EXERCISE BRIEF
Starting at the first line of the data below, repeat each line word for word up to and including the line with "0 10303 214".

[Items listed in a dataset]
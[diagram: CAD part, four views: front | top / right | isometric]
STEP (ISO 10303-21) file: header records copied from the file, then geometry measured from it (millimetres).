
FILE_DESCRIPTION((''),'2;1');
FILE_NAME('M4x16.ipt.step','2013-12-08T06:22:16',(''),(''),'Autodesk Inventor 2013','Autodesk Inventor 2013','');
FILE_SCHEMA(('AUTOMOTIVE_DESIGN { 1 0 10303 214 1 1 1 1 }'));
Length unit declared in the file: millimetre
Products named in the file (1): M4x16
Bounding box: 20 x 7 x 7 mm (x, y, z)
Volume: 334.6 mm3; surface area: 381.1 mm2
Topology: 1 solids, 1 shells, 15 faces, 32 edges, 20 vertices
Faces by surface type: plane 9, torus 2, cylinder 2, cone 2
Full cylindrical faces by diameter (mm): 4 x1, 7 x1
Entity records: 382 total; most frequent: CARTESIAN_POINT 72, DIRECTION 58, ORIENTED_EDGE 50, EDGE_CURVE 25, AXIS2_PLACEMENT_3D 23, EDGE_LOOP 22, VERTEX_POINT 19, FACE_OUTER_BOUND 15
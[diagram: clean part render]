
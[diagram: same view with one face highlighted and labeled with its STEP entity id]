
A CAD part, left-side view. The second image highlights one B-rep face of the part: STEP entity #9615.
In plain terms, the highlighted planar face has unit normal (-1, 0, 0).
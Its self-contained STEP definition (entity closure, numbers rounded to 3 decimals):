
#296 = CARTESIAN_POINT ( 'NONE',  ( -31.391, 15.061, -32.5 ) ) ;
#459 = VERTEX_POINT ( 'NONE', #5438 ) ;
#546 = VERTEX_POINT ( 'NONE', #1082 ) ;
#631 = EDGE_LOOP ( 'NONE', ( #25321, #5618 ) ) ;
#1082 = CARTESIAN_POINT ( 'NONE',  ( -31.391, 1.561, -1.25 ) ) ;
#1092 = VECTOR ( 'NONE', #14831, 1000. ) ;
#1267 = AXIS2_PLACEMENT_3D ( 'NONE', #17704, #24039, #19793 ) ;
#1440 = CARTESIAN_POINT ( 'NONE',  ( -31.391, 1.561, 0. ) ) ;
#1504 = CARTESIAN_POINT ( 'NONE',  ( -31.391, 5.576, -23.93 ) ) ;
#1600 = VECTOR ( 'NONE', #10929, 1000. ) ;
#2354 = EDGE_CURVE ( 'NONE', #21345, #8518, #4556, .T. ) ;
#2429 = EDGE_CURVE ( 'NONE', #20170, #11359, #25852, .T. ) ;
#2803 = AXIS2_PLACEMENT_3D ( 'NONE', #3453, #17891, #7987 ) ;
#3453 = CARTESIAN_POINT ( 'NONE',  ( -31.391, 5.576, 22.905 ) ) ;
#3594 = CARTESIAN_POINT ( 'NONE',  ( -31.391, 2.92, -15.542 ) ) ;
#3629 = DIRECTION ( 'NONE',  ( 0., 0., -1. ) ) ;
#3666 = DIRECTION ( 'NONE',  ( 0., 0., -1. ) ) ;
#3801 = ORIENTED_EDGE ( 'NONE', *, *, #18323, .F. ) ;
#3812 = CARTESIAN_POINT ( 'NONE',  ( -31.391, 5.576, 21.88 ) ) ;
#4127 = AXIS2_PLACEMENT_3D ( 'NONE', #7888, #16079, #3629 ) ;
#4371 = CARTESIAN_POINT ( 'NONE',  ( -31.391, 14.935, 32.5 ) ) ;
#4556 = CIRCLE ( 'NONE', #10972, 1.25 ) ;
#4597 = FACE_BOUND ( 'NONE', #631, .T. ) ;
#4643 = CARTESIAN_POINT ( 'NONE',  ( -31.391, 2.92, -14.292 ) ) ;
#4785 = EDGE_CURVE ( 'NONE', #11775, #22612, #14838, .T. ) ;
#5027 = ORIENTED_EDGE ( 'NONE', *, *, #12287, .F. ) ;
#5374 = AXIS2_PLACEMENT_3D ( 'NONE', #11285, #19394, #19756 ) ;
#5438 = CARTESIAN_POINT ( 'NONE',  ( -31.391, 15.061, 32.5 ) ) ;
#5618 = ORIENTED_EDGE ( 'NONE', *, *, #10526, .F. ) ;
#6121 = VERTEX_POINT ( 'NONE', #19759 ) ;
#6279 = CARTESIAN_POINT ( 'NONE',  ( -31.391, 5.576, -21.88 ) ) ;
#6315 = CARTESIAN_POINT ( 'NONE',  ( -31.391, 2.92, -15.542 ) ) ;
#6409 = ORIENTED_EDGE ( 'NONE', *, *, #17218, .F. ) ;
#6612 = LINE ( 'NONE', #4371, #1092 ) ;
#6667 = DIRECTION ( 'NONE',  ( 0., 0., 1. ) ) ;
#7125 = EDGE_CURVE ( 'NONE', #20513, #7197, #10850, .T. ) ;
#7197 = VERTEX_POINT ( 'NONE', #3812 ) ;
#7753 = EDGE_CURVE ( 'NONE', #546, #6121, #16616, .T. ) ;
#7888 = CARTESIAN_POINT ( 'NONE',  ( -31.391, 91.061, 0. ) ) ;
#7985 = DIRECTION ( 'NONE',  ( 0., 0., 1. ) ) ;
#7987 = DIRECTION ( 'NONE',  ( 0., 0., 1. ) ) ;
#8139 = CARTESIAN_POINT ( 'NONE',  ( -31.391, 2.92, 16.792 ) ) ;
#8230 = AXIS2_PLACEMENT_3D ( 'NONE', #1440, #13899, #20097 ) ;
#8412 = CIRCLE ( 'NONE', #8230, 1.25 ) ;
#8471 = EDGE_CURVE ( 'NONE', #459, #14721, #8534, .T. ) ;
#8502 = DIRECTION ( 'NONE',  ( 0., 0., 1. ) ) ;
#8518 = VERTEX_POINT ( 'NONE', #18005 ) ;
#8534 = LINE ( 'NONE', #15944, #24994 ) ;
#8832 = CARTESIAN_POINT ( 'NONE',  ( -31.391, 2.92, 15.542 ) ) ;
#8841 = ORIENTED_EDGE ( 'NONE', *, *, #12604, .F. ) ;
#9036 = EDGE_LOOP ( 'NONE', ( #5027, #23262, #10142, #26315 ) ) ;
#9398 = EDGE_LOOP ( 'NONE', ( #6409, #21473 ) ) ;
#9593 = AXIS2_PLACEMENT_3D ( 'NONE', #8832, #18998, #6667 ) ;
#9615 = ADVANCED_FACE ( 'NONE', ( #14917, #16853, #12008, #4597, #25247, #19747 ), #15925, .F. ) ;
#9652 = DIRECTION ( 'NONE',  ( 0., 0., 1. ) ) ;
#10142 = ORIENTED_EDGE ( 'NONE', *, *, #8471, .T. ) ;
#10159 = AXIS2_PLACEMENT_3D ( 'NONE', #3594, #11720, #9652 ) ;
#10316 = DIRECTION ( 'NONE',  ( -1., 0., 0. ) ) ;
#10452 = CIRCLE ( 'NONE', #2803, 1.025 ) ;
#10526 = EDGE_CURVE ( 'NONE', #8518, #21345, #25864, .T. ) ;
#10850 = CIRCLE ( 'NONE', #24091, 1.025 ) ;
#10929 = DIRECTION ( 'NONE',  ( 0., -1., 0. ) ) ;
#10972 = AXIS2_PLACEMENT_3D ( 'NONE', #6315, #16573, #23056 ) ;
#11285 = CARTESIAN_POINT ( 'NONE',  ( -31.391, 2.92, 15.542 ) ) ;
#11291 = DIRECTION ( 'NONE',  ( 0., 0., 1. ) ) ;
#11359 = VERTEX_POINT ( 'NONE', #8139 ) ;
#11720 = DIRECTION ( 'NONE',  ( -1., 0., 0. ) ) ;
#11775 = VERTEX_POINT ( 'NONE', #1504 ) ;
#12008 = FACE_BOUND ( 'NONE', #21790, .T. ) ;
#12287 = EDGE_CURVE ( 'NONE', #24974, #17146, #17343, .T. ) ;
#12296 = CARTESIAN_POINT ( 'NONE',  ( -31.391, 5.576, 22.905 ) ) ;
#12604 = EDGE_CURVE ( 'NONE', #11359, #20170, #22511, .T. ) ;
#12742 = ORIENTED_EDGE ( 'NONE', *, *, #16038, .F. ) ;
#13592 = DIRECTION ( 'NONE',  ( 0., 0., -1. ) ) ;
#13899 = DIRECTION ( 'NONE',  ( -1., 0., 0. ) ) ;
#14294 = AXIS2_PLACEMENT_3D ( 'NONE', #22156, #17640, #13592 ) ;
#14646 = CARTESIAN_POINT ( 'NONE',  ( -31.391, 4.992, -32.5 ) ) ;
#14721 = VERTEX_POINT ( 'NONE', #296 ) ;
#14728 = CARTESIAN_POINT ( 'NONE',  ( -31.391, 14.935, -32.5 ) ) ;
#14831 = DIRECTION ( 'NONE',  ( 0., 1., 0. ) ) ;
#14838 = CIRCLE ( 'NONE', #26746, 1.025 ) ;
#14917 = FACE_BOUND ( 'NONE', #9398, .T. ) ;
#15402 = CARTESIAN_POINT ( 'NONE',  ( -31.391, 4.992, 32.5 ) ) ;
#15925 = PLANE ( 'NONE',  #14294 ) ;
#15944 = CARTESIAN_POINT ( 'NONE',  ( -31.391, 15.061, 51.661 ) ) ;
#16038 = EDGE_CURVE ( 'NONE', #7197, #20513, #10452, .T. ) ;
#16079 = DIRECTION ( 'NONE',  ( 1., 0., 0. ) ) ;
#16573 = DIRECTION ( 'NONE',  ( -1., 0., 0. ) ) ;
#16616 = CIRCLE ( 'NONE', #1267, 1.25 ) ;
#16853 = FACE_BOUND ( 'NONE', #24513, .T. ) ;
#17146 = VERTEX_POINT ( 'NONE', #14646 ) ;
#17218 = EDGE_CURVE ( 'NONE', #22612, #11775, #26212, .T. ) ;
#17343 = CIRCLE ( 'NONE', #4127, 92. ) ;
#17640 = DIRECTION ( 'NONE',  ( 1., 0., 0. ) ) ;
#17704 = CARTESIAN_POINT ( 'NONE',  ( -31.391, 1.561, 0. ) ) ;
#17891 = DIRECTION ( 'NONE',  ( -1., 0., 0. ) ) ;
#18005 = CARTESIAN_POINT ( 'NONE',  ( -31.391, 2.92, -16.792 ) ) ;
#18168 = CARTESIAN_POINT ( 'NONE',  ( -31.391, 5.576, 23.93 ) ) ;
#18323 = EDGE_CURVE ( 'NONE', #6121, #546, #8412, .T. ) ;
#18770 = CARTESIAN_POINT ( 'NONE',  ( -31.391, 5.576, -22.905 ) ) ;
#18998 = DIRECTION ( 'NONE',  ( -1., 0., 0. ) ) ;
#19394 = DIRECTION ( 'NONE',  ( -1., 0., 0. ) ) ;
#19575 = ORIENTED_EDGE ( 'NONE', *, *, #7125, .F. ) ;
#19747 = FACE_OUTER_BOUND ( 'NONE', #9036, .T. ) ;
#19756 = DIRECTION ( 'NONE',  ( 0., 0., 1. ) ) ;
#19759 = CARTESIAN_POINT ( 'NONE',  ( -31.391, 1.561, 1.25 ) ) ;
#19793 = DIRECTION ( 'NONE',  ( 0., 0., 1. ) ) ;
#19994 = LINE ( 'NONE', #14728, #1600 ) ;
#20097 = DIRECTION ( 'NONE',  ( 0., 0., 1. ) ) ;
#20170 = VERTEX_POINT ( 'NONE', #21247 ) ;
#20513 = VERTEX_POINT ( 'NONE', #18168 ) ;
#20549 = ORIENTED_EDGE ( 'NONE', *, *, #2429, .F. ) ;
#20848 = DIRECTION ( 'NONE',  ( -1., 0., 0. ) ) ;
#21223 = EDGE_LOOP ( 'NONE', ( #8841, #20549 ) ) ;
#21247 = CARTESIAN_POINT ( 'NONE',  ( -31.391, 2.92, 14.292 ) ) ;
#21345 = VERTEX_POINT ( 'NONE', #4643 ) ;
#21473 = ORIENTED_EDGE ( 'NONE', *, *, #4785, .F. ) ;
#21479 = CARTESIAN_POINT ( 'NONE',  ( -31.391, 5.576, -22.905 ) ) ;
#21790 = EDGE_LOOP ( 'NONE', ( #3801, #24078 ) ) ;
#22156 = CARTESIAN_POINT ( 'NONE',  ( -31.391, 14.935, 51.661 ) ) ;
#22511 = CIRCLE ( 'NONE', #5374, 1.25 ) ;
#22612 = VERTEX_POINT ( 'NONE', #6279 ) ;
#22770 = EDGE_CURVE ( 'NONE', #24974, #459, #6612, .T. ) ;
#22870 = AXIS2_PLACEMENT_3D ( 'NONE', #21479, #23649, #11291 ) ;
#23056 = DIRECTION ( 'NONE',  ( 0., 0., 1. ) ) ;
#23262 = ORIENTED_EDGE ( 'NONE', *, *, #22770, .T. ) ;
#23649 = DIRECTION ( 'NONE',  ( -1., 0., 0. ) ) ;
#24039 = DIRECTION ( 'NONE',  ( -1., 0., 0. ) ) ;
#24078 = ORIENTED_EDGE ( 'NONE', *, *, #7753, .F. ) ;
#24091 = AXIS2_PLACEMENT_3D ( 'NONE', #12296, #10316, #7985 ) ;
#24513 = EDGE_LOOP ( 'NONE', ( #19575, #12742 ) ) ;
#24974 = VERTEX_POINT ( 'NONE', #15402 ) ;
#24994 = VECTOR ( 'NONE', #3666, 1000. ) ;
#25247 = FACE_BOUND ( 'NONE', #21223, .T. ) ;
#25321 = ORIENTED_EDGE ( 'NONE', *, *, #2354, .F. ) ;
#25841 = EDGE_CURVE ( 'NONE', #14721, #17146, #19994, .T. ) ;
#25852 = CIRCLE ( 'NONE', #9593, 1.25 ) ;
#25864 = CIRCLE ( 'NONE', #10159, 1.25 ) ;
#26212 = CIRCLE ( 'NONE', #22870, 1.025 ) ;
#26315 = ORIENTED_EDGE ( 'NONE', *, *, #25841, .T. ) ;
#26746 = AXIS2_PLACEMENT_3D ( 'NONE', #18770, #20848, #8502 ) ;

REPLY
[diagram: CAD part, four views: front | top / right | isometric]
STEP (ISO 10303-21) file: header records copied from the file, then geometry measured from it (millimetres).
FILE_DESCRIPTION((''),'2;1');
FILE_NAME('M4x16.ipt.step','2013-12-08T06:22:16',(''),(''),'Autodesk Inventor 2013','Autodesk Inventor 2013','');
FILE_SCHEMA(('AUTOMOTIVE_DESIGN { 1 0 10303 214 1 1 1 1 }'));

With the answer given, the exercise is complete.